Reducing the level of the virus quickly keeps people from getting worse and likely lowers the risk of spreading the disease to others. This can have a significant additional impact on public health.

“If we can quickly reduce the level of the virus, people are less likely to spread the infection to others and we may even be able to shorten the time it takes for self-isolation,” says Dr Feld.

Interferon-lambda

Interferon-lambda is a protein produced by the body in response to viral infections. It has the ability to activate a number of cellular pathways to kill invading viruses.

The coronavirus that causes COVID-19 prevents the body from making interferons, which avoids being controlled by the body’s immune system. Interferon-lambda treatment activates these same virus destruction pathways in cells.

Because interferon activates many virus destruction pathways, resistance to “new strains” of the virus, which could be a problem with some therapies, is not a problem with lambda interferon.

Interferon-lambda is different from other interferons because it uses a receptor that is only present in certain tissues in the body. It is very active in the lungs, liver, and intestine, all places where the COVID-19 virus is able to replicate, but it is not active elsewhere, causing far fewer side effects than other interferons. . In the trial, people treated with interferon-lambda had side effects similar to those who received a placebo.

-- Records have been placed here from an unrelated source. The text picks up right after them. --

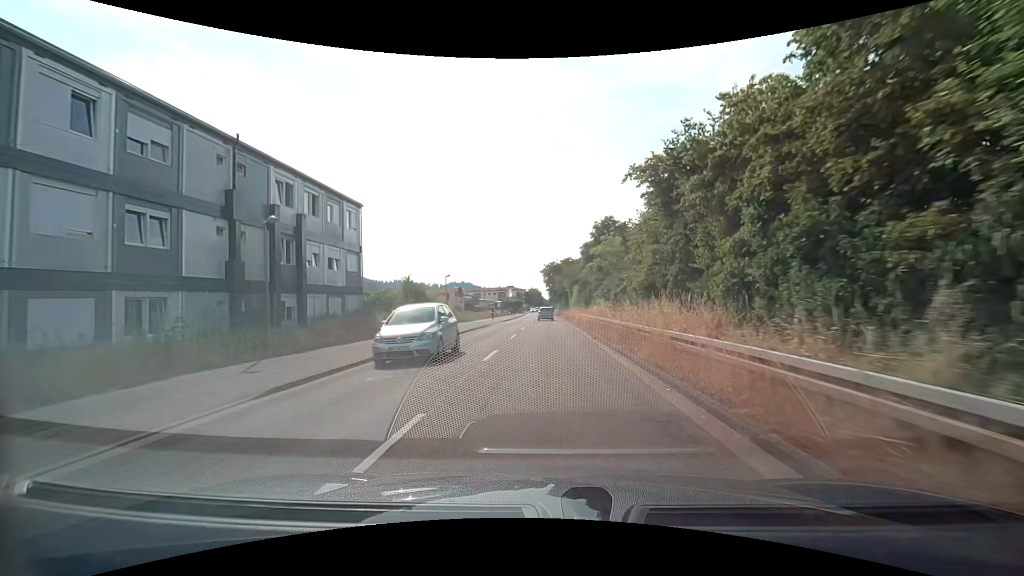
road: tertiary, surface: asphalt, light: Day
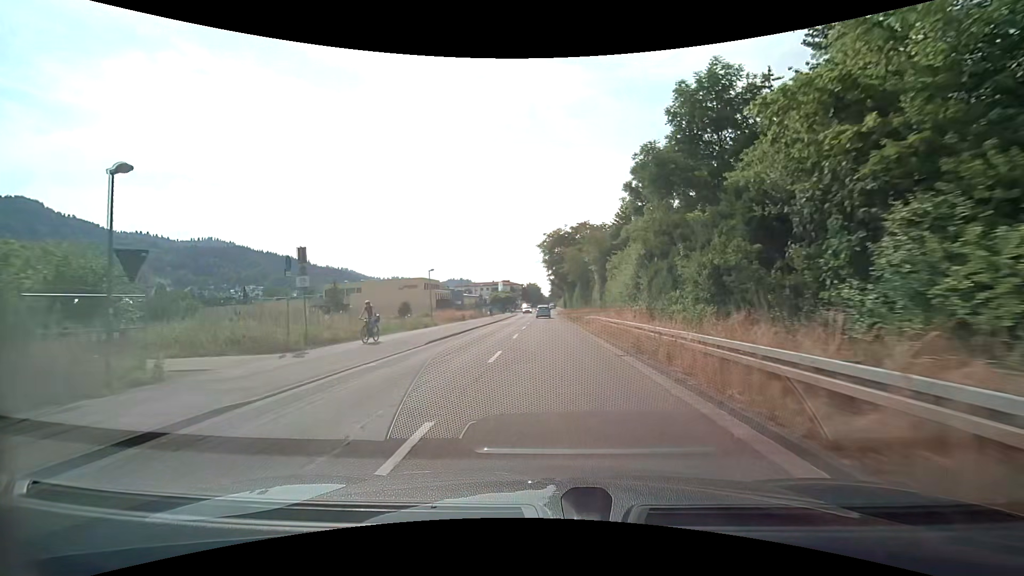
(-0.2, +36.6) m; 0°
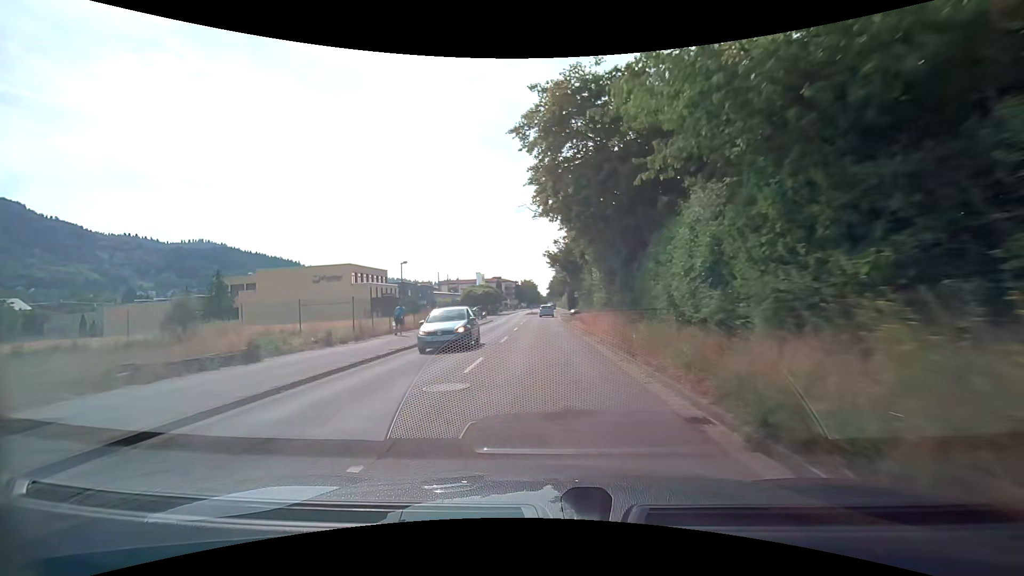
(+0.3, +37.6) m; 0°
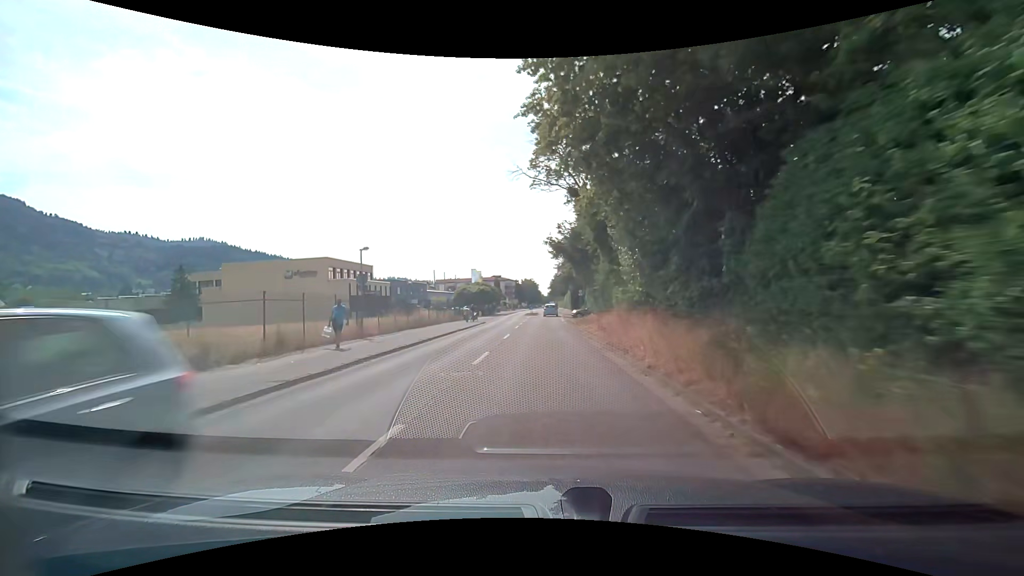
(0.0, +7.7) m; 0°
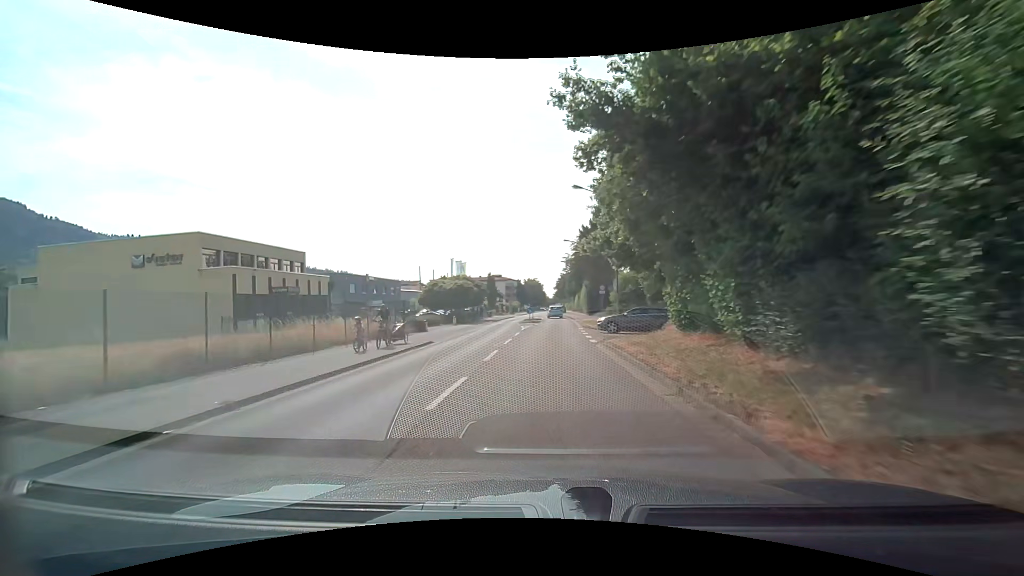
(-0.1, +23.2) m; 0°
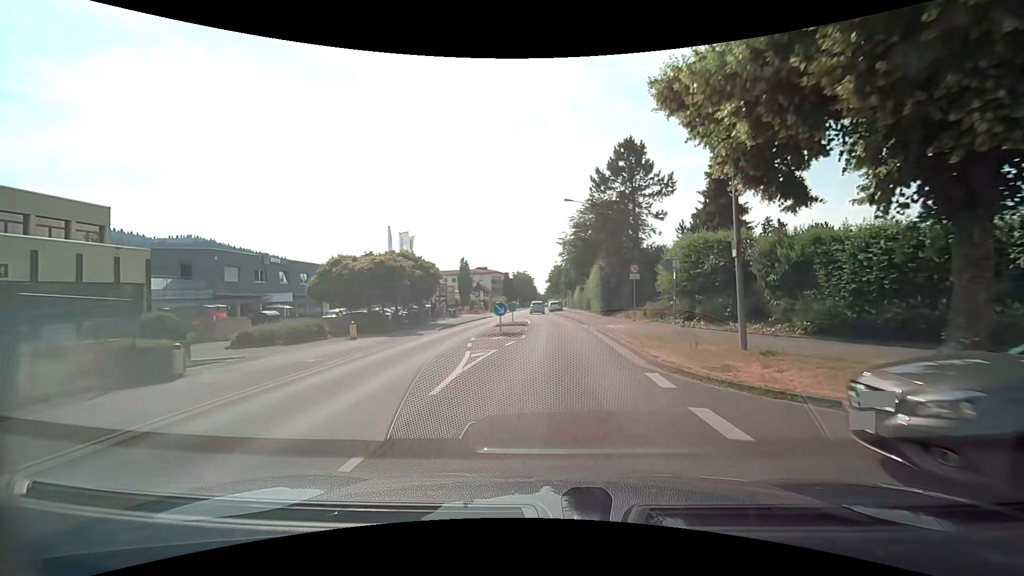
(0.0, +23.1) m; +1°
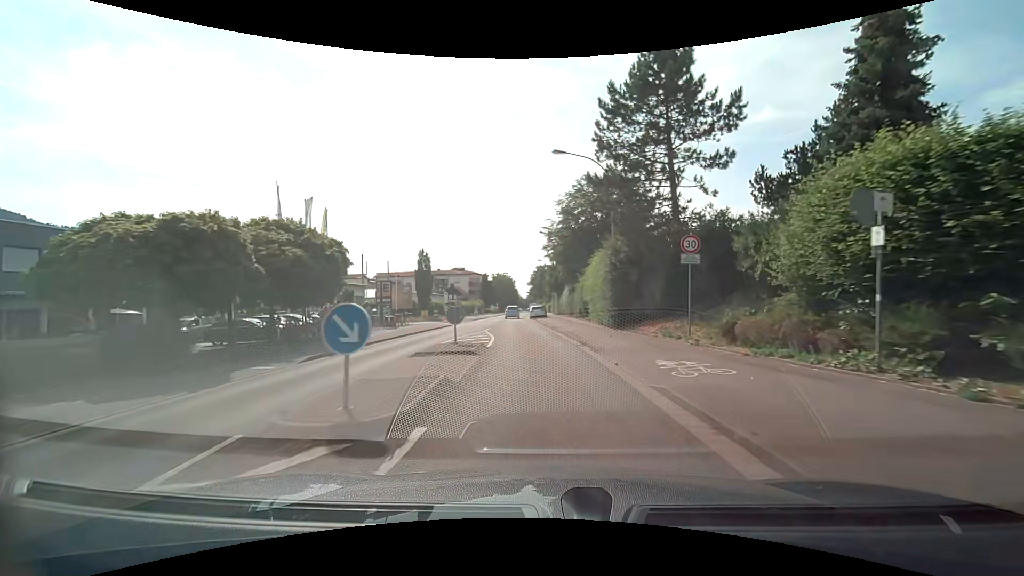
(+0.2, +14.7) m; +2°
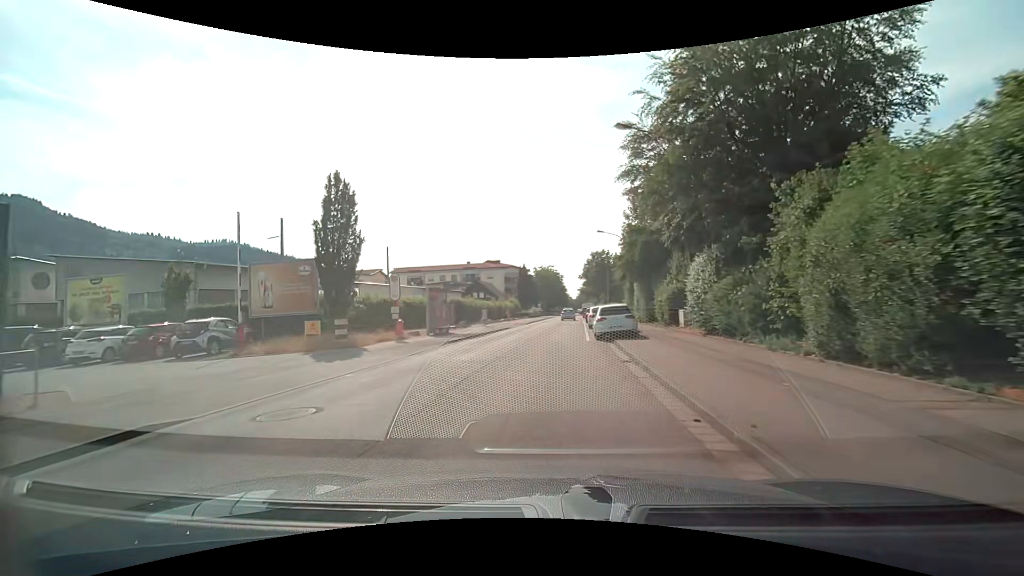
(-1.3, +34.1) m; -5°
(0, +10) (0, +20) (+1, +30) (+1, +40) (+2, +50) (+2, +60) (+3, +70) (+4, +80) (+4, +90) (+5, +100) m

Peginterferon-lambda (used in this study) is a long-acting version of the drug developed by Eiger BioPharmaceuticals, which can be given as a single injection under the skin with a small needle (like insulin).

Next steps

This was a randomized, double-blind, investigator-initiated phase 2 study in Toronto with a total of 60 participants – 30 who received the drug and 30 received a placebo. The study was conducted from May to November 2020, with referrals from six outpatient assessment centers.

With these positive results, a large phase 3 trial is expected to start in the near future. Additional studies are underway at the University of Toronto, Harvard University and Johns Hopkins University on peginterferon-lambda in hospital patients and in settings where it can be used to prevent infection in those that have been exposed.